Para muitos brasileiros com dupla cidadania (especialmente europeia), a primeira dúvida ao planejar uma viagem aos Estados Unidos é simples: “eu preciso de visto ou posso usar o ESTA?”. A resposta costuma ser favorável — mas só quando o viajante entende que o ESTA não é um visto, e que a elegibilidade depende do passaporte que será usado do início ao fim da jornada.
Este guia foi escrito para iniciantes que precisam comparar opções e evitar erros comuns: qual documento informar, quando o ESTA faz sentido, o que muda para quem tem mais de uma nacionalidade e como se preparar para o embarque e o controle de fronteira.
O que é o ESTA (e o que ele não é)
O ESTA (Electronic System for Travel Authorization) é uma autorização eletrônica de viagem vinculada ao Visa Waiver Program (VWP), que permite que cidadãos de países participantes viajem aos EUA para turismo ou negócios, em geral por até 90 dias, sem solicitar o visto tradicional de turismo (B1/B2).
Na prática, o ESTA funciona como uma triagem prévia: você informa dados, responde perguntas de elegibilidade e paga uma taxa.

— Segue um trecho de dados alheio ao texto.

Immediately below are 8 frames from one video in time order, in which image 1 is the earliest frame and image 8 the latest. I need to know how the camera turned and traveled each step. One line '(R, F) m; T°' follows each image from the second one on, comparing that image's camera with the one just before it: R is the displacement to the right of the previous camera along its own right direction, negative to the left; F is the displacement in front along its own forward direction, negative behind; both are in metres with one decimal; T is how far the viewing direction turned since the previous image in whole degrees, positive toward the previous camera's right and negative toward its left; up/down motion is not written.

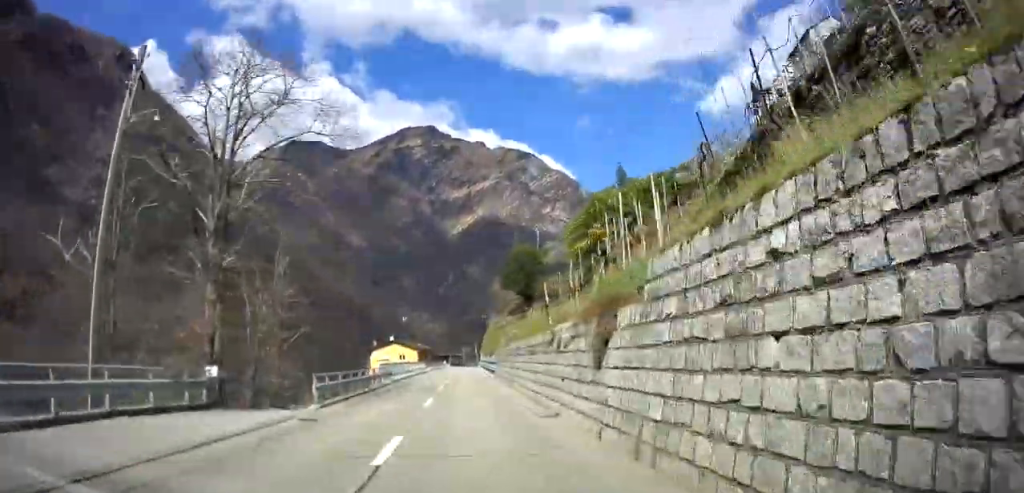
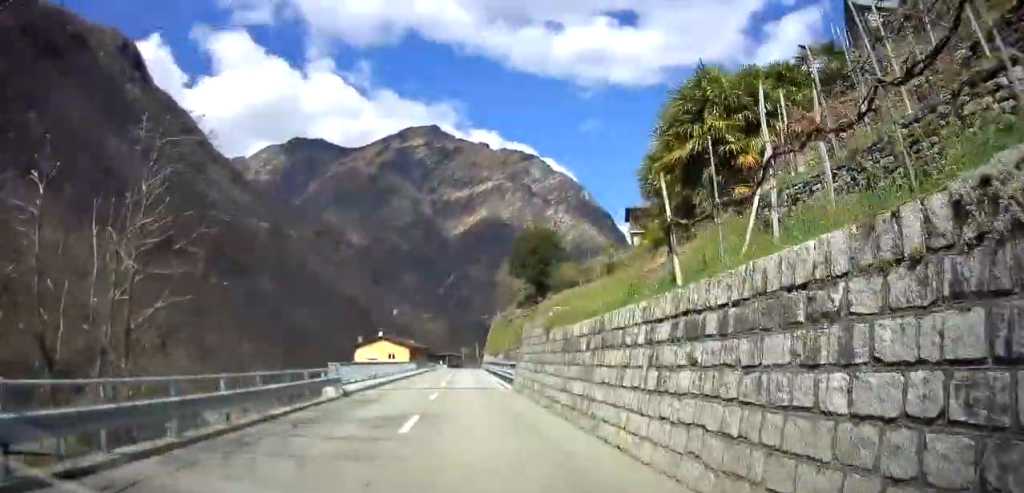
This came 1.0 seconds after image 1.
(+0.5, +15.0) m; +1°
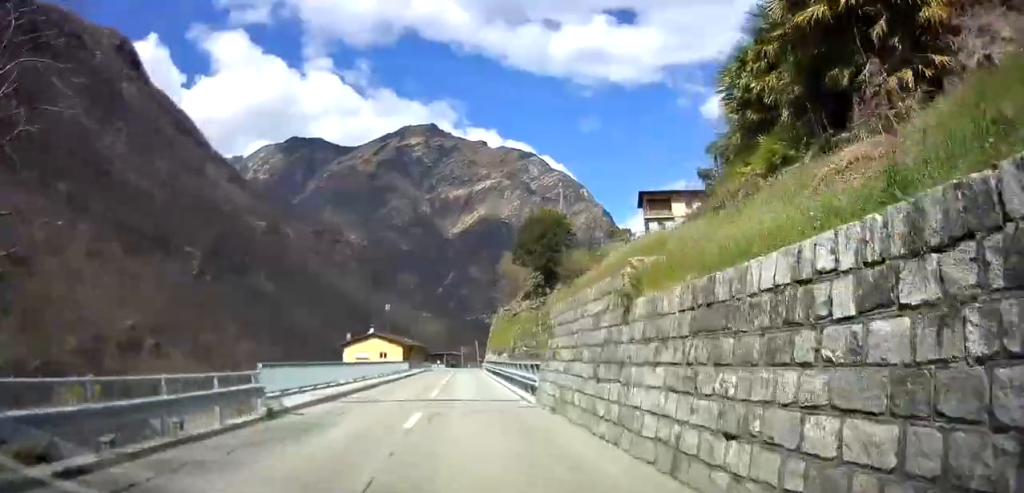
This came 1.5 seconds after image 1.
(-0.4, +8.2) m; -1°
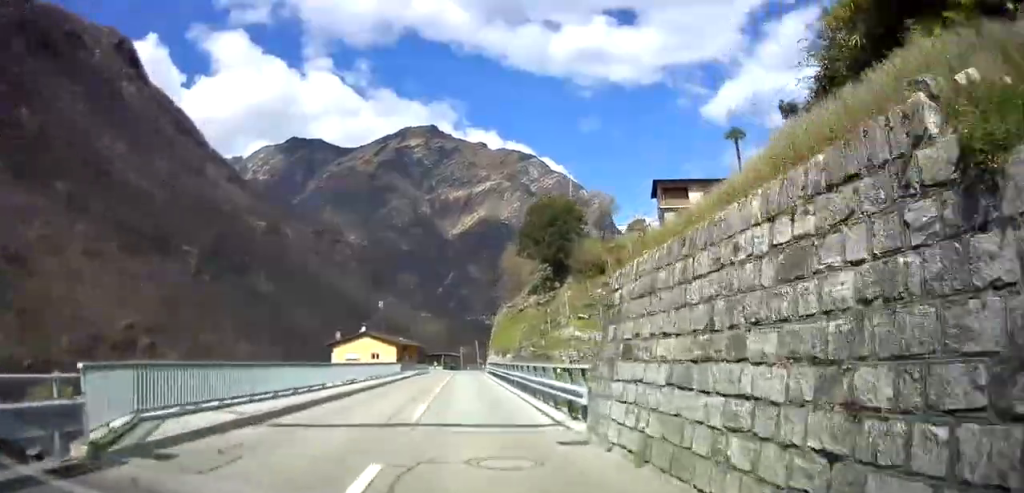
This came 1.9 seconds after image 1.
(+0.1, +6.5) m; 0°
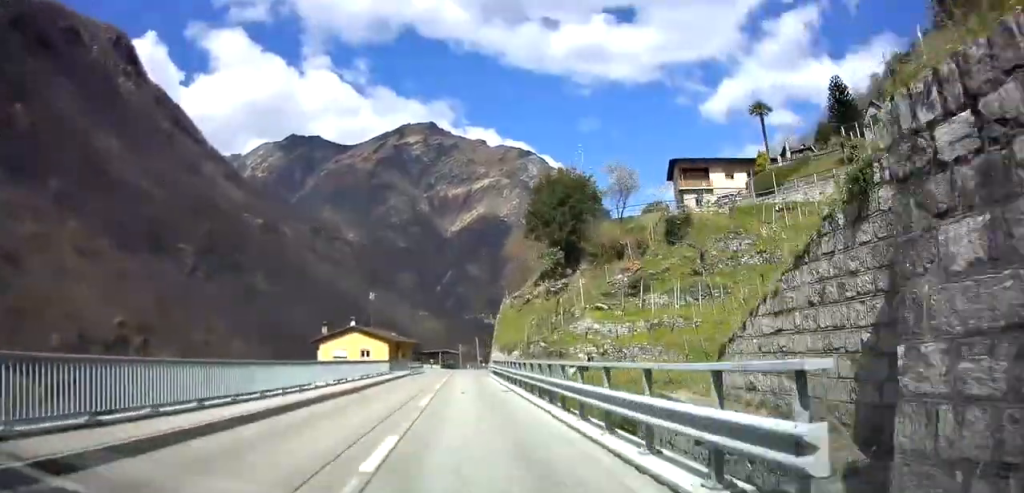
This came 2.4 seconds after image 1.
(+0.2, +7.5) m; 0°
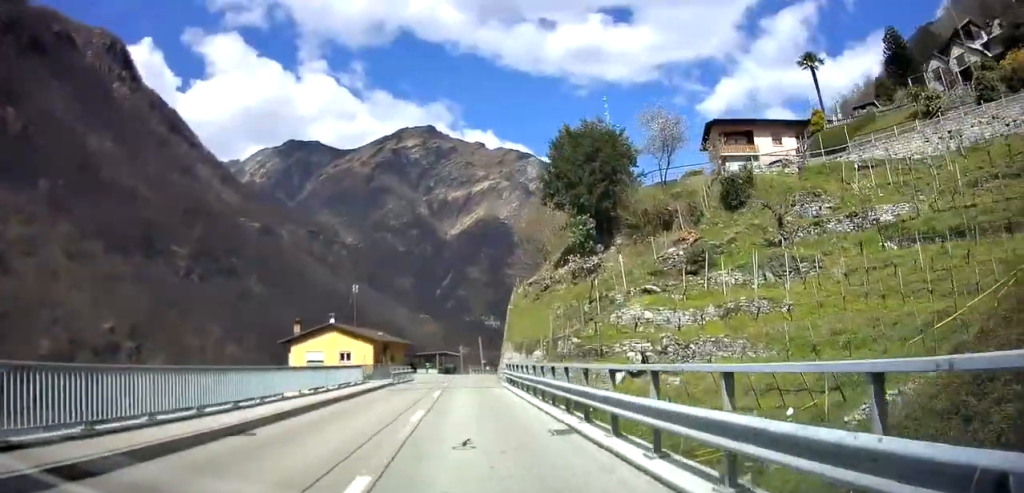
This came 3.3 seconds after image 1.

Se aprovado, a autorização fica associada ao seu passaporte. Isso não elimina a inspeção na chegada: a decisão final de admissão é da autoridade de fronteira.

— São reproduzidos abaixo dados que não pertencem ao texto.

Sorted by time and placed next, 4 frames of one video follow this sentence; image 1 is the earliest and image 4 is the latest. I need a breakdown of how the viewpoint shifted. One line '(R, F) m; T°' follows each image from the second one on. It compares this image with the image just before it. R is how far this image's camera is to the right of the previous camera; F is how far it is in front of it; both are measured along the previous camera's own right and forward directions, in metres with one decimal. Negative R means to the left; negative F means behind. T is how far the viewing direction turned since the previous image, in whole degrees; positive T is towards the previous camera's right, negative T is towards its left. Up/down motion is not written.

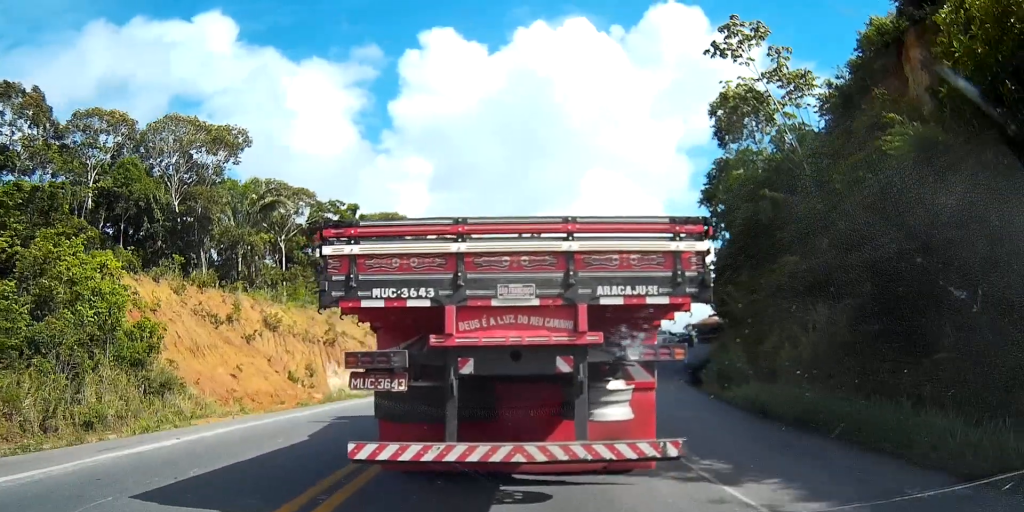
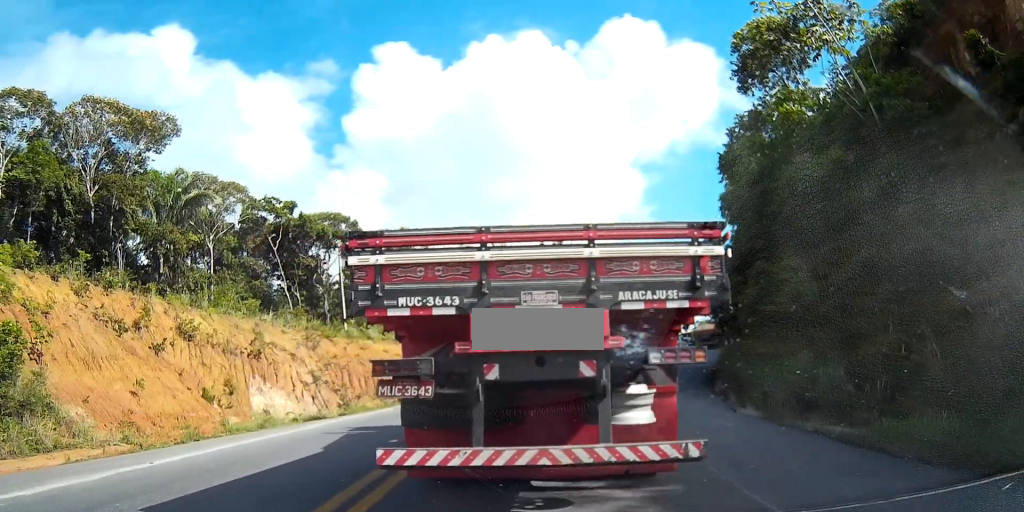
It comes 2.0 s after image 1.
(+0.3, +8.9) m; +4°
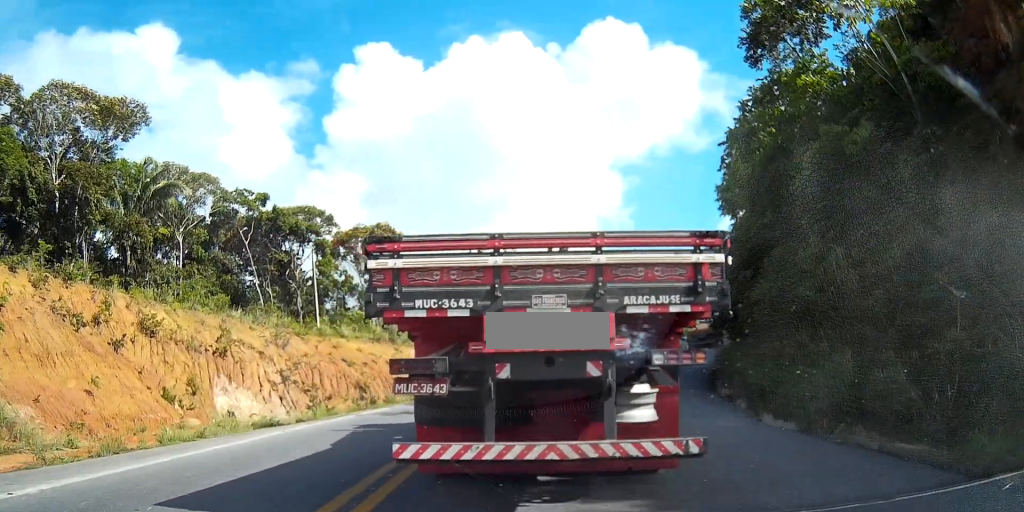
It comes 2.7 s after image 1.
(0.0, +3.0) m; +3°
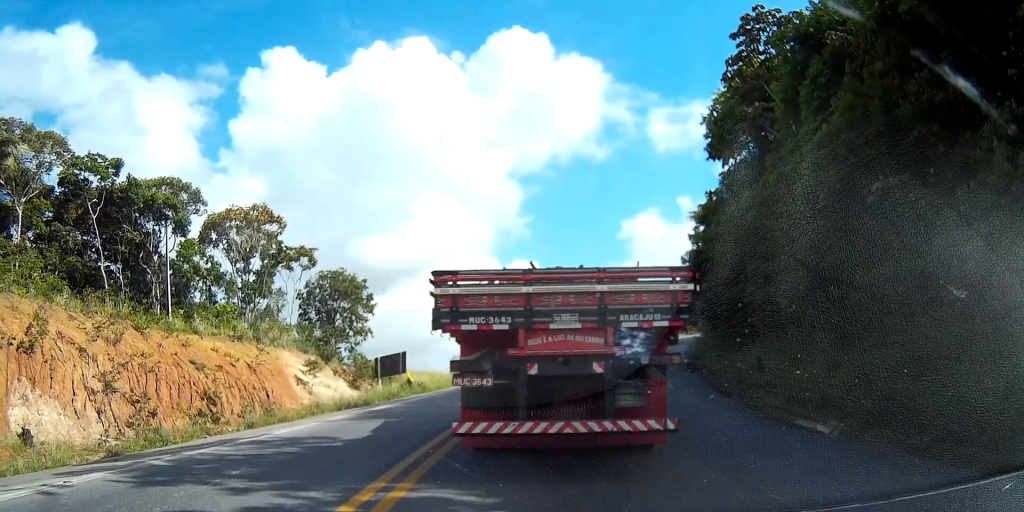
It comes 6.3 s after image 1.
(+0.2, +13.8) m; +2°

Quem pode usar o ESTA: a regra central para dupla cidadania
Para brasileiros, o ponto decisivo é: o Brasil não faz parte do VWP. Portanto, um brasileiro só poderá usar o ESTA se viajar com um passaporte de um país participante (por exemplo, Portugal, Itália, Espanha, França, Alemanha, entre outros).
Se você tem dupla cidadania, compare as duas rotas:
- Rota 1 — Visto americano (B1/B2): indicada quando você vai viajar com passaporte brasileiro, quando não é elegível ao VWP ou quando precisa ficar mais tempo do que o permitido pelo programa.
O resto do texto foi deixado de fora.